Can anybody answer this??? I'm very curious now. How do the camera lenses capture star light if "stars can't be seen in space"??
Of course you can see stars in space. That's what celestial imaging scopes see. Or navigational sextant scopes. The Sun is a star, as has been brought up, no problems seeing that at all.
originally posted by: SecretKnowledge
a reply to: cooperton
Maybe we are the only planet with the only moon revolving around the only sun in the whole universe...
Now thats a scary thought.
originally posted by: rickymouse
The sun does not actually light the earth, the interaction of the particles of the sun cause the sky to illuminate which then lights the earth. Now it probably would be the same with the stars, their light beams could hit the earths atmosphere and cause it to show a spot. It kind of makes you wonder how much we are not seeing.

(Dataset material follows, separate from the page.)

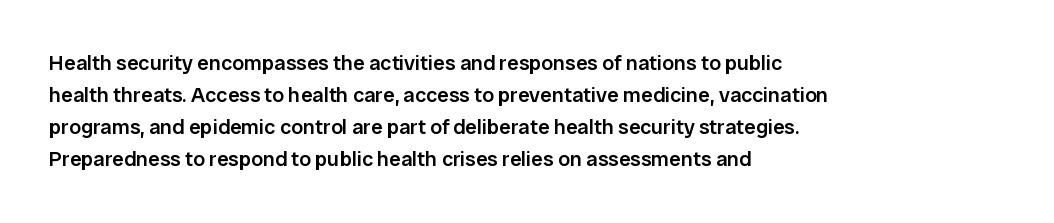
{"italic": "no", "bold": "semi", "underline": "no", "align": "left", "line_spacing": "normal", "line_spacing_ratio": 1.53, "letter_spacing": "normal", "letter_spacing_em": 0.0, "glyph_px": 21}
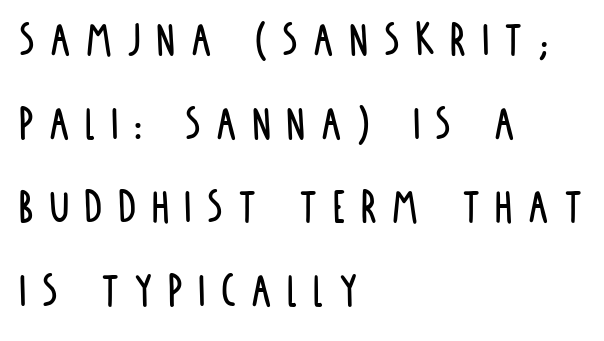
The image shows 51 px condensed sans-serif type, upright; set left-aligned, normal line spacing (1.64x), unusually wide letter spacing (+0.3 em), not underlined; low stroke contrast and a large x-height.

originally posted by: Maverick7
originally posted by: 0bserver1
I think Neil just slipped tongue there.. He also looks he has to improvise on that question ...
Did you even watch the Youtube video? He clearly says he saw no stars with his eye on the Moon OR in Cis-Lunar space. A slip of the tongue would be 'we didn't see any Movie Stars on the Moon', LOL.

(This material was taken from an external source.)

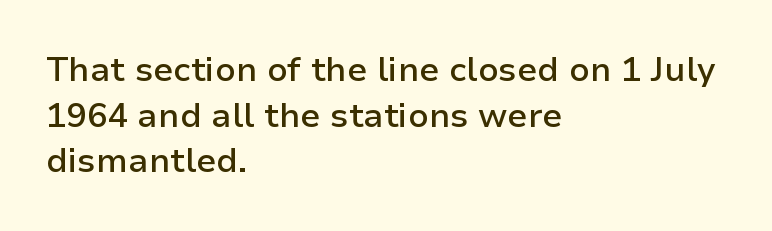
{"serif": "no", "italic": "no", "bold": "semi", "weight": "semibold", "width": "normal", "stroke_contrast": "low", "x_height": "medium", "monospaced": "no", "underline": "no", "align": "left", "line_spacing": "normal", "line_spacing_ratio": 1.34, "letter_spacing": "normal", "letter_spacing_em": 0.0, "glyph_px": 34}

Cosmonaut Yuri Gagarin, the first human to (allegedly) travel in outer space in 1961, commented that the stars seen from his Vostok spacecraft were "bright and clear cut.
Somebody's lying.
originally posted by: OneManArmy
Doesnt the atmosphere act as a lens, as displayed by the flickering of stars?

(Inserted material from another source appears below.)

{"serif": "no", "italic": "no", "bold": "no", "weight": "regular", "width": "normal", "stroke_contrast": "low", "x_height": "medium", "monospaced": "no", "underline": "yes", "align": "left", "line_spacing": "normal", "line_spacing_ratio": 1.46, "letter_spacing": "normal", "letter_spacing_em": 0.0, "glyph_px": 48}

Distorting the dot and making it your classic star shaped. And hence bigger and easier to see.
I dont know, Im not an astronomer, just guessing.
originally posted by: JadeStar
originally posted by: OneManArmy
Doesnt the atmosphere act as a lens, as displayed by the flickering of stars?
Distorting the dot and making it your classic star shaped. And hence bigger and easier to see.
I dont know, Im not an astronomer, just guessing.
Not so much a lens but a kind of blurry, ever changing filter.
Think of it like looking up beneath a swimming pool. You can see things but they are distorted and "watery".
In astronomy this is called atmospheric scintillation (or simply scintillation) and we astronomers HATE it.
It doesn't really make the stars bigger or easier to see it just makes them blurry/watery which is the flickering we see. Twinkle, twinkle little star, etc...
For this reason, many observatories have installed lasers which create an "artificial star" which can be used to correct for the effect of the atmosphere in the optics of the telescope. This is called adaptive optics.
originally posted by: OneManArmy
originally posted by: JadeStar
originally posted by: OneManArmy
Doesnt the atmosphere act as a lens, as displayed by the flickering of stars?
Distorting the dot and making it your classic star shaped. And hence bigger and easier to see.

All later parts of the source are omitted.